→ **DATA EXCERPTS**:
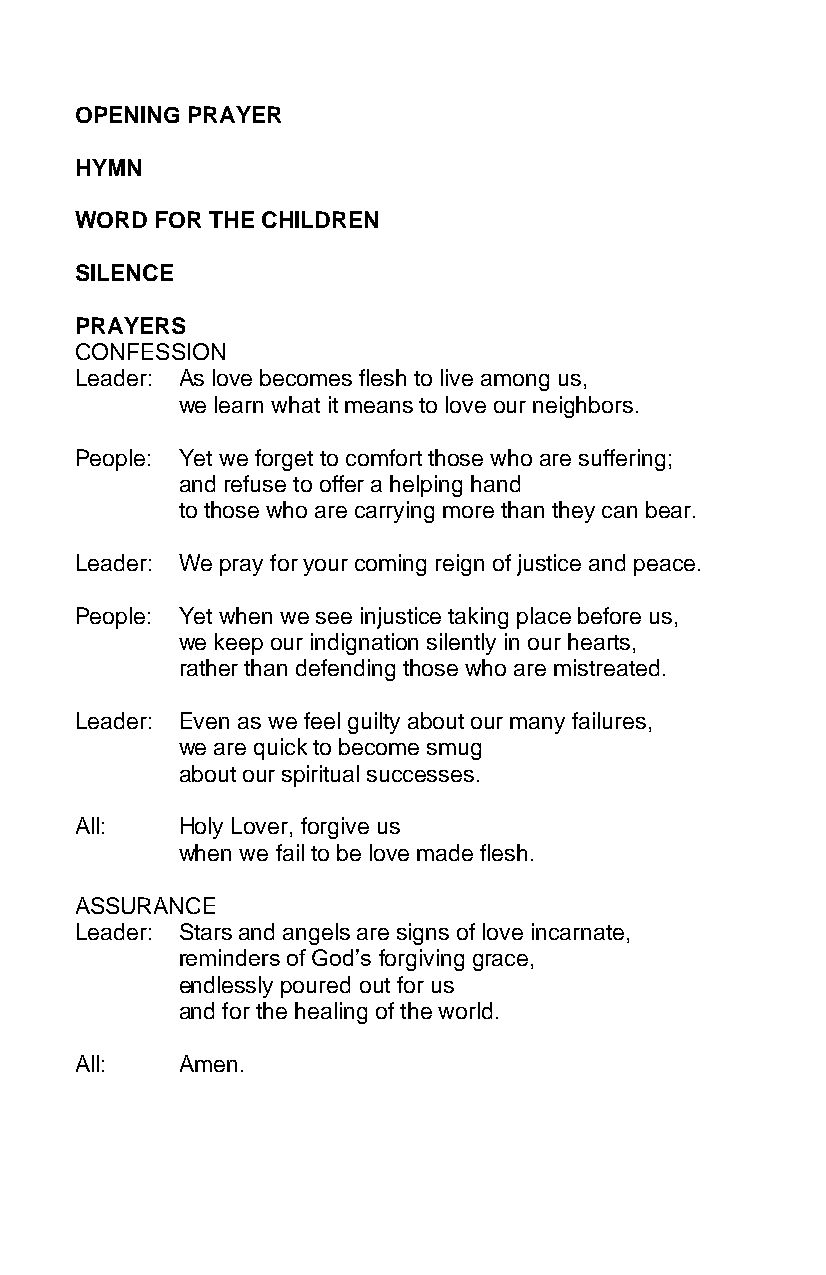
OPENING PRAYER
 HYMN
 WORD FOR THE CHILDREN
 SILENCE
 PRAYERS
 CONFESSION
 Leader: As love becomes flesh to live among us,
 we learn what it means to love our neighbors.
 People: Yet we forget to comfort those who are suffering;
 and refuse to offer a helping hand
 to those who are carrying more than they can bear.
 Leader: We pray for your coming reign of justice and peace.
 People: Yet when we see injustice taking place before us,
 we keep our indignation silently in our hearts,
 rather than defending those who are mistreated.
 Leader: Even as we feel guilty about our many failures,
 we are quick to become smug
 about our spiritual successes.
 All:   Holy Lover, forgive us
 when we fail to be love made flesh.
 ASSURANCE
 Leader: Stars and angels are signs of love incarnate,
 reminders of God’s forgiving grace,
 endlessly poured out for us
 and for the healing of the world.
 All:   Amen.
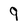
Character: 9
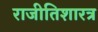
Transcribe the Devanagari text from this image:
राजीतिशारत्र
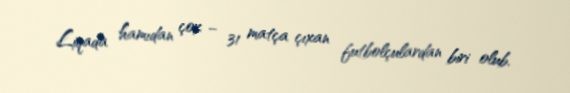
Liqada hamıdan çox – 31 matça çıxan futbolçulardan biri olub.
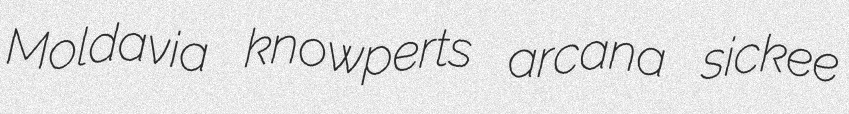
Moldavia knowperts arcana sickee
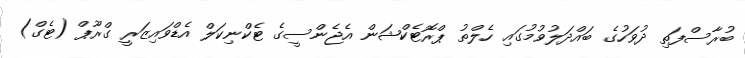
ބުރާސްފަތި ދުވަހުގެ ބައްދަލުވުމުގައި ހެލްތު ޕްރޮޓެކްޝަން އެޖެންސީގެ ޓެކްނިކަލް އެޑްވައިޒަރީ ގްރޫޕް (ޓެގް)
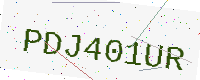
Text: PDJ401UR
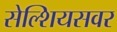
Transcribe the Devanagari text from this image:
सेल्शियसवर
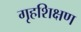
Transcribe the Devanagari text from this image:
गृहशिक्षण
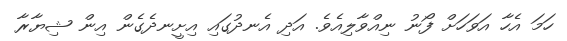
ހަމަ އެހާ އަވަހަށް ފޯނު ނިއްވާލިއެވެ. އަދި އެނދުގައި އިށީނދެގެން އިން ޝިޔާރާ
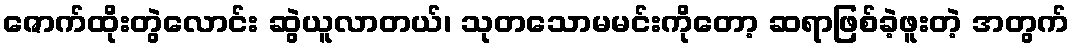
ဇောက်ထိုးတွဲလောင်း ဆွဲယူလာတယ်၊ သုတသောမမင်းကိုတော့ ဆရာဖြစ်ခဲ့ဖူးတဲ့ အတွက်
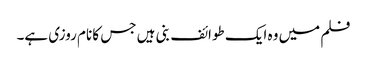
فلم میں وہ ایک طوائف بنی ہیں جس کا نام روزی ہے۔
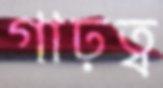
গাঢ়ত্ব
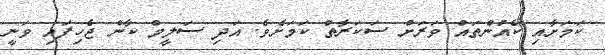
ކަމަށާއި ކެއުންތައް ވަރަށް ސަކަރާތް ކަމަށެވެ. އަދި ސަލީމް ކާން ޖެހިފައި ވަނީ
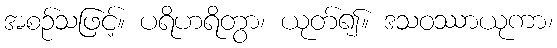
အစဉ်သဖြင့်။ ပရိဟရိတွာ၊ ယုတ်၍။ ဒသဝဿာယုကာ၊
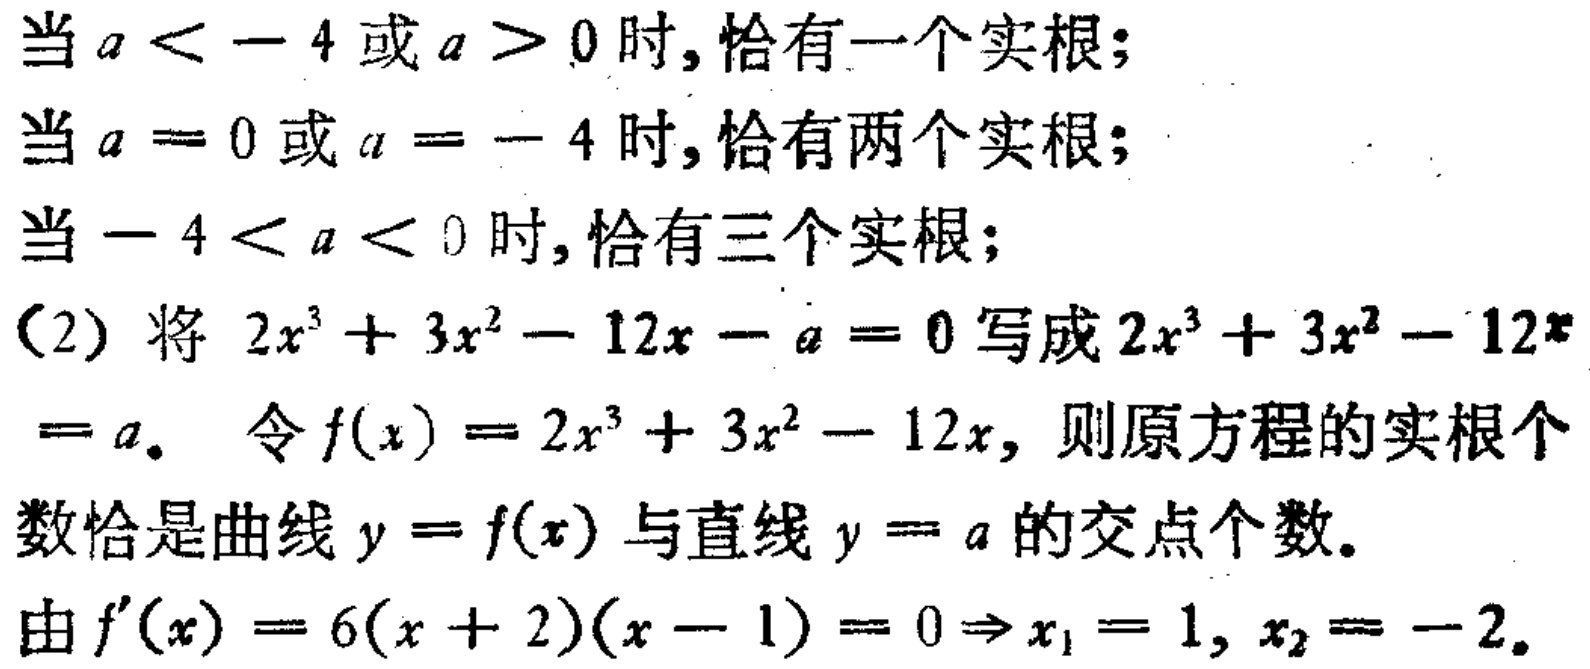
当 \(a < - 4\) 或 \(a > 0\) 时, 恰有一个实根;
当 \(a = 0\) 或 \(a = - 4\) 时, 恰有两个实根;
当 \(- 4 < a < 0\) 时, 恰有三个实根;
(2) 将 \(2x^{3}+3x^{2}-12x - a = 0\) 写成 \(2x^{3}+3x^{2}-12x=a\). 令 \(f(x)=2x^{3}+3x^{2}-12x\), 则原方程的实根个
数恰是曲线 \(y = f(x)\) 与直线 \(y = a\) 的交点个数.
由 \(f^{\prime}(x)=6(x + 2)(x - 1)=0\Rightarrow x_{1}=1,x_{2}=-2\).
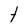
Character: t
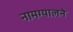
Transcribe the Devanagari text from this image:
नामग्यालने
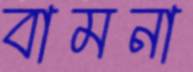
বামনা
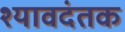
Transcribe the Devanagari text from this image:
श्यावदंतक
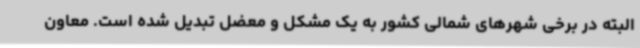
البته در برخی شهرهای شمالی کشور به یک مشکل و معضل تبدیل شده است. معاون
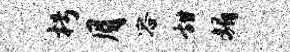
枵月容甜媚
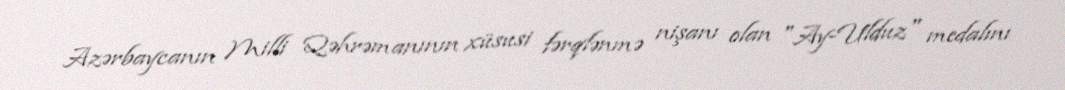
Azərbaycanın Milli Qəhrəmanının xüsusi fərqlənmə nişanı olan "Ay-Ulduz" medalını
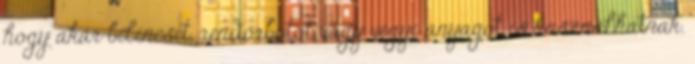
hogy akár bilincset, rendőrbotot vagy vegyi anyagot is használhatnak.
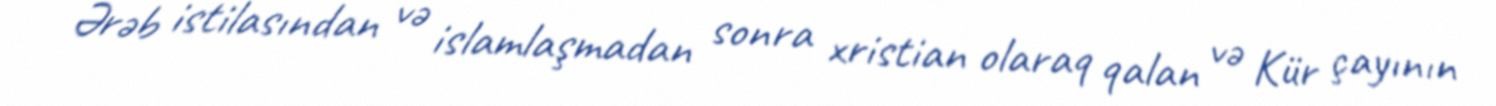
Ərəb istilasından və islamlaşmadan sonra xristian olaraq qalan və Kür çayının
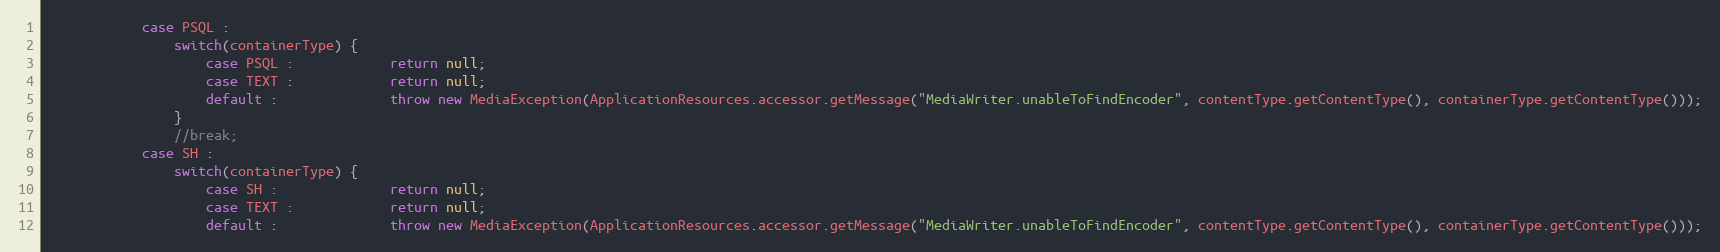
Language: Java
			case PSQL :
				switch(containerType) {
					case PSQL :            return null;
					case TEXT :            return null;
					default :              throw new MediaException(ApplicationResources.accessor.getMessage("MediaWriter.unableToFindEncoder", contentType.getContentType(), containerType.getContentType()));
				}
				//break;
			case SH :
				switch(containerType) {
					case SH :              return null;
					case TEXT :            return null;
					default :              throw new MediaException(ApplicationResources.accessor.getMessage("MediaWriter.unableToFindEncoder", contentType.getContentType(), containerType.getContentType()));
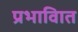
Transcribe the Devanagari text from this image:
प्रभावाित
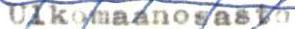
Ulkomaanosasto

→ **TASK DETAILS**: Return the material above verbatim, minus the pictures.

→ **OUTPUT OF THE TASK**:
OPENING PRAYER
 HYMN
 WORD FOR THE CHILDREN
 SILENCE
 PRAYERS
 CONFESSION
 Leader: As love becomes flesh to live among us,
 we learn what it means to love our neighbors.
 People: Yet we forget to comfort those who are suffering;
 and refuse to offer a helping hand
 to those who are carrying more than they can bear.
 Leader: We pray for your coming reign of justice and peace.
 People: Yet when we see injustice taking place before us,
 we keep our indignation silently in our hearts,
 rather than defending those who are mistreated.
 Leader: Even as we feel guilty about our many failures,
 we are quick to become smug
 about our spiritual successes.
 All:   Holy Lover, forgive us
 when we fail to be love made flesh.
 ASSURANCE
 Leader: Stars and angels are signs of love incarnate,
 reminders of God’s forgiving grace,
 endlessly poured out for us
 and for the healing of the world.
 All:   Amen.
Character: 9
Transcribe the Devanagari text from this image:
राजीतिशारत्र
Liqada hamıdan çox – 31 matça çıxan futbolçulardan biri olub.
Moldavia knowperts arcana sickee
ބުރާސްފަތި ދުވަހުގެ ބައްދަލުވުމުގައި ހެލްތު ޕްރޮޓެކްޝަން އެޖެންސީގެ ޓެކްނިކަލް އެޑްވައިޒަރީ ގްރޫޕް (ޓެގް)
Text: PDJ401UR
Transcribe the Devanagari text from this image:
सेल्शियसवर
Transcribe the Devanagari text from this image:
गृहशिक्षण
ހަމަ އެހާ އަވަހަށް ފޯނު ނިއްވާލިއެވެ. އަދި އެނދުގައި އިށީނދެގެން އިން ޝިޔާރާ
ဇောက်ထိုးတွဲလောင်း ဆွဲယူလာတယ်၊ သုတသောမမင်းကိုတော့ ဆရာဖြစ်ခဲ့ဖူးတဲ့ အတွက်
فلم میں وہ ایک طوائف بنی ہیں جس کا نام روزی ہے۔
গাঢ়ত্ব
ކަމަށާއި ކެއުންތައް ވަރަށް ސަކަރާތް ކަމަށެވެ. އަދި ސަލީމް ކާން ޖެހިފައި ވަނީ
အစဉ်သဖြင့်။ ပရိဟရိတွာ၊ ယုတ်၍။ ဒသဝဿာယုကာ၊
当 \(a < - 4\) 或 \(a > 0\) 时, 恰有一个实根;
当 \(a = 0\) 或 \(a = - 4\) 时, 恰有两个实根;
当 \(- 4 < a < 0\) 时, 恰有三个实根;
(2) 将 \(2x^{3}+3x^{2}-12x - a = 0\) 写成 \(2x^{3}+3x^{2}-12x=a\). 令 \(f(x)=2x^{3}+3x^{2}-12x\), 则原方程的实根个
数恰是曲线 \(y = f(x)\) 与直线 \(y = a\) 的交点个数.
由 \(f^{\prime}(x)=6(x + 2)(x - 1)=0\Rightarrow x_{1}=1,x_{2}=-2\).
Character: t
Transcribe the Devanagari text from this image:
नामग्यालने
বামনা
Transcribe the Devanagari text from this image:
श्यावदंतक
البته در برخی شهرهای شمالی کشور به یک مشکل و معضل تبدیل شده است. معاون
枵月容甜媚
Azərbaycanın Milli Qəhrəmanının xüsusi fərqlənmə nişanı olan "Ay-Ulduz" medalını
hogy akár bilincset, rendőrbotot vagy vegyi anyagot is használhatnak.
Ərəb istilasından və islamlaşmadan sonra xristian olaraq qalan və Kür çayının
Language: Java
			case PSQL :
				switch(containerType) {
					case PSQL :            return null;
					case TEXT :            return null;
					default :              throw new MediaException(ApplicationResources.accessor.getMessage("MediaWriter.unableToFindEncoder", contentType.getContentType(), containerType.getContentType()));
				}
				//break;
			case SH :
				switch(containerType) {
					case SH :              return null;
					case TEXT :            return null;
					default :              throw new MediaException(ApplicationResources.accessor.getMessage("MediaWriter.unableToFindEncoder", contentType.getContentType(), containerType.getContentType()));
Transcribe the Devanagari text from this image:
प्रभावाित
Ulkomaanosasto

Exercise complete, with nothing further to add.